The trigger, of course, was Donald Trump's renewed threats in January to take Greenland "the hard way." European capitals had been quietly alarmed since the 2024 US election, but the moment that reportedly crystallised the crisis was the 3 January US attack on Venezuela. The day after, Trump declared that the US needed Greenland "very badly." The day after that, Danish Prime Minister Mette Frederiksen said a US attack on a NATO ally would mean the end of the alliance itself, and of the entire post-war security order.
Europe's response was swift and, by the standards of European defence coordination, almost shockingly decisive. An advance command of Danish, French, German, Norwegian and Swedish soldiers landed in Greenland, followed by a main force including elite troops. Danish fighter jets were scrambled. A French naval vessel headed toward the North Atlantic. The goal, according to DR's sources, was deliberate: put as many different national flags on Greenlandic soil as possible, so that any US move to occupy it would require Washington to commit a hostile act against multiple NATO allies simultaneously.

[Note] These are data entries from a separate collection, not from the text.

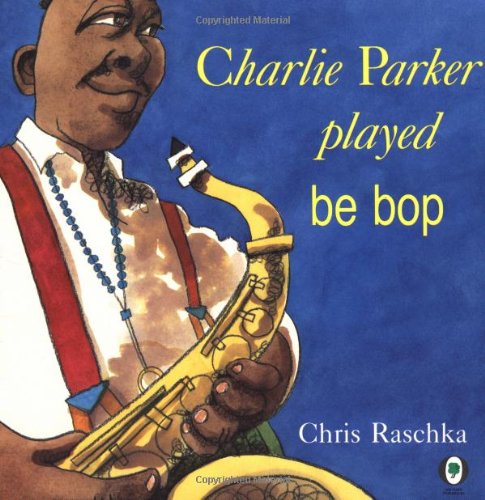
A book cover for Charlie Parker Played Be Bop; Christopher Raschka; Children's Books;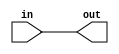
module transmission_gate_delay (
    input wire in,
    output reg out
);

reg gate;

always @(in) begin
    gate <= in;
    out <= gate;
end

endmodule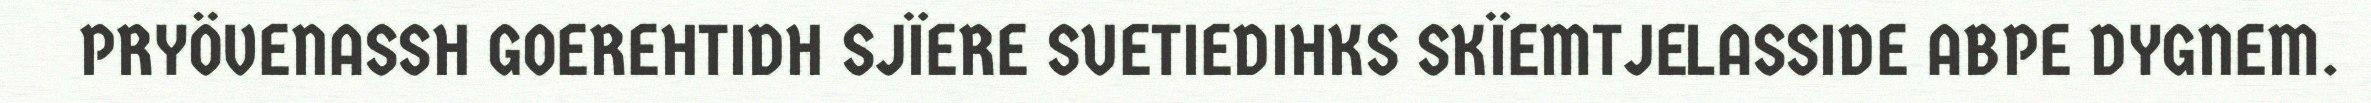
PRYÖVENASSH GOEREHTIDH SJÏERE SUETIEDIHKS SKÏEMTJELASSIDE ABPE DYGNEM.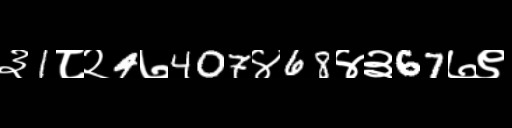
Text: ३1८२4७407४68४३67७९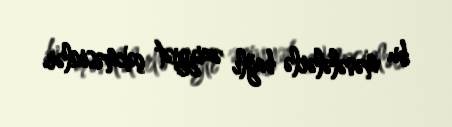
bu məsələlərlə bağlı əziyyət çəkməsinlər.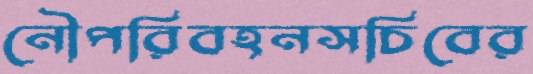
নৌপরিবহনসচিবের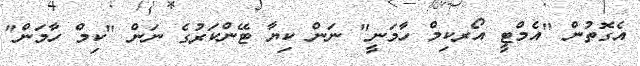
އެގޮތުން "އެމްޓީ އޯރކިމް ހާމަނީ" ނަން ކިޔާ ޓޭންކަރުގެ ނަން "ކިމް ހާމަން"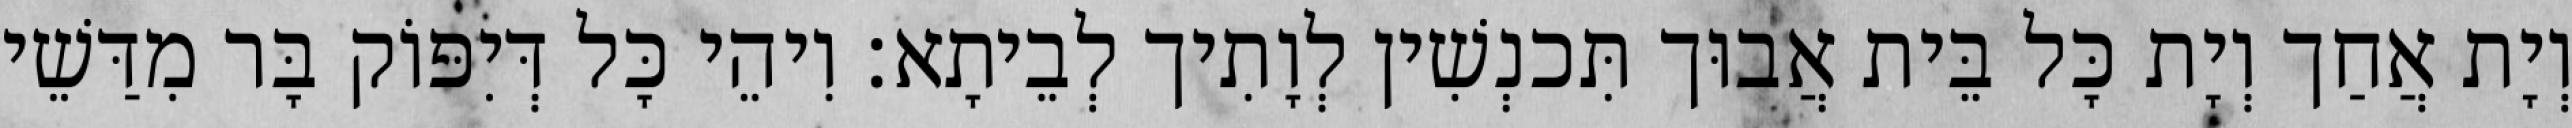
וְיָת אֲחַך וְיָת כָּל בֵּית אֲבוּך תִּכנְשִׁין לְוָתִיך לְבֵיתָא׃ וִיהֵי כָּל דְּיִפּוֹק בָּר מִדַּשֵׁי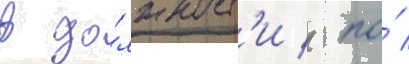
в до́лжност'и / по́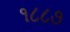
૧૮૮૭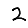
Digit: 2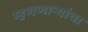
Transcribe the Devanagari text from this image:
म्हणणाऱ्यांचा
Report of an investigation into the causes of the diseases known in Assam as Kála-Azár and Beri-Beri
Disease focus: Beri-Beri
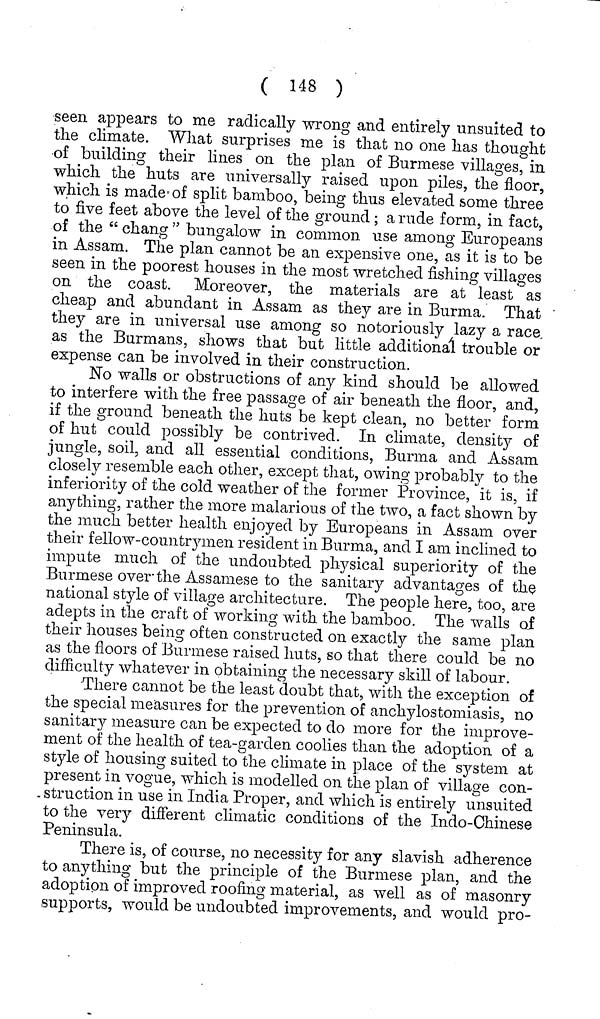
( 148 )
seen appears to me radically wrong and entirely unsuited to
the climate. What surprises me is that no one has thought
of building their lines on the plan of Burmese villages, in
which the huts are universally raised upon piles, the floor,
which is made of split bamboo, being thus elevated some three
to five feet above the level of the ground; a rude form, in fact,
of the " chang " bungalow in common use among Europeans
in Assam. The plan cannot be an expensive one, as it is to be
seen in the poorest houses in the most wretched fishing villages
on the coast. Moreover, the materials are at least as
cheap and abundant in Assam as they are in Burma. That
they are in universal use among so notoriously lazy a race
as the Burmans, shows that but little additional trouble or
expense can be involved in their construction.
No walls or obstructions of any kind should be allowed
to interfere with the free passage of air beneath the floor, and,
if the ground beneath the huts be kept clean, no better form
of hut could possibly be contrived. In climate, density of
jungle, soil, and all essential conditions, Burma and Assam
closely resemble each other, except that, owing probably to the
inferiority of the cold weather of the former Province, it is, if
anything, rather the more malarious of the two, a fact shown by
the much better health enjoyed by Europeans in Assam over
their fellow-countrymen resident in Burma, and I am inclined to
impute much of the undoubted physical superiority of the
Burmese over the Assamese to the sanitary advantages of the
national style of village architecture. The people here, too, are
adepts in the craft of working with the bamboo. The walls of
their houses being often constructed on exactly the same plan
as the floors of Burmese raised huts, so that there could be no
difficulty whatever in obtaining the necessary skill of labour.
There cannot be the least doubt that, with the exception of
the special measures for the prevention of anchylostomiasis, no
sanitary measure can be expected to do more for the improve-
ment of the health of tea-garden coolies than the adoption of a
style of housing suited to the climate in place of the system at
present in vogue, which is modelled on the plan of village con-
struction in use in India Proper, and which is entirely unsuited
to the very different climatic conditions of the Indo-Chinese
Peninsula.
There is, of course, no necessity for any slavish adherence
to anything but the principle of the Burmese plan, and the
adoption of improved roofing material, as well as of masonry
supports, would be undoubted improvements, and would pro-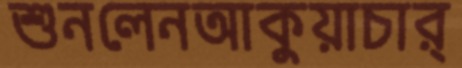
শুনলেনআকুয়াচার্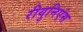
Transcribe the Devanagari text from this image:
रीयुनिएंस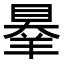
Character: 𦎝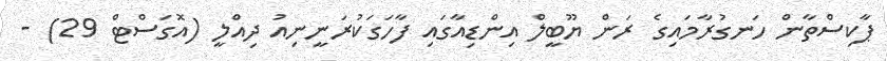
ޕާކިސްތާން ހަނގުރާމައިގެ ރަން ޔޫބީލް އިންޑިއާގައި ފާހަގަކުރަނީނިއު ދިއްލީ (އޮގަސްޓް 29) -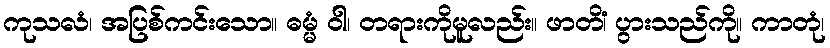
ကုသလံ၊ အပြစ်ကင်းသော။ ဓမ္မံ ဝါ၊ တရားကိုမူလည်း။ ဖာတိံ၊ ပွားသည်ကို။ ကာတုံ၊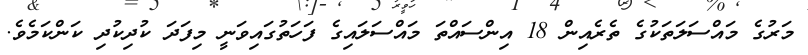
މަރުގެ މައްސަލަތަކުގެ ތެރެއިން 18 އިންސައްތަ މައްސަލައިގެ ފަހަތުގައިވަނީ މިފަދަ ކުދިކުދި ކަންކަމެވެ.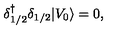
\delta { ^ \dagger _ { 1 / 2 } } \delta _ { 1 / 2 } \vert V _ { 0 } \rangle = 0 ,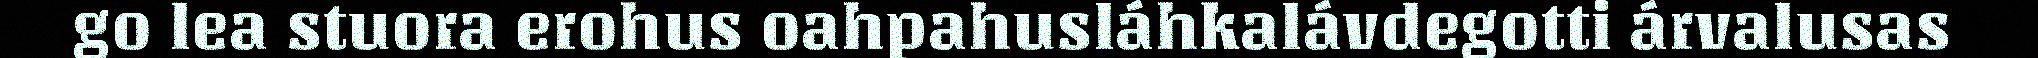
go lea stuora erohus oahpahusláhkalávdegotti árvalusas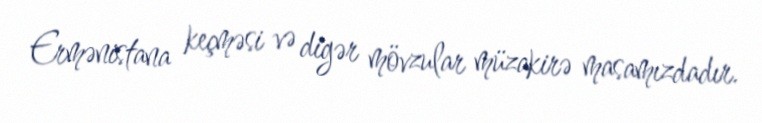
Ermənistana keçməsi və digər mövzular müzakirə masamızdadır.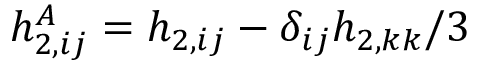
h _ { 2 , i j } ^ { A } = h _ { 2 , i j } - \delta _ { i j } h _ { 2 , k k } / 3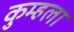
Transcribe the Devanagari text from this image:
कुम्हला

"We have not been in such a situation since April 1940," says a Danish defence source, referring to the Nazi occupation of Denmark. The comparison was not made lightly. Amid all this, a remarkable thing happened: Europe got its act together. Secret talks between European leaders (which DR says began immediately after the 2024 US election) reportedly brought the continent to a new level of strategic cohesion. An unnamed senior French official told the broadcaster that the Greenland crisis was a turning point: "Europe realised once and for all that we need to be able to take care of our own security."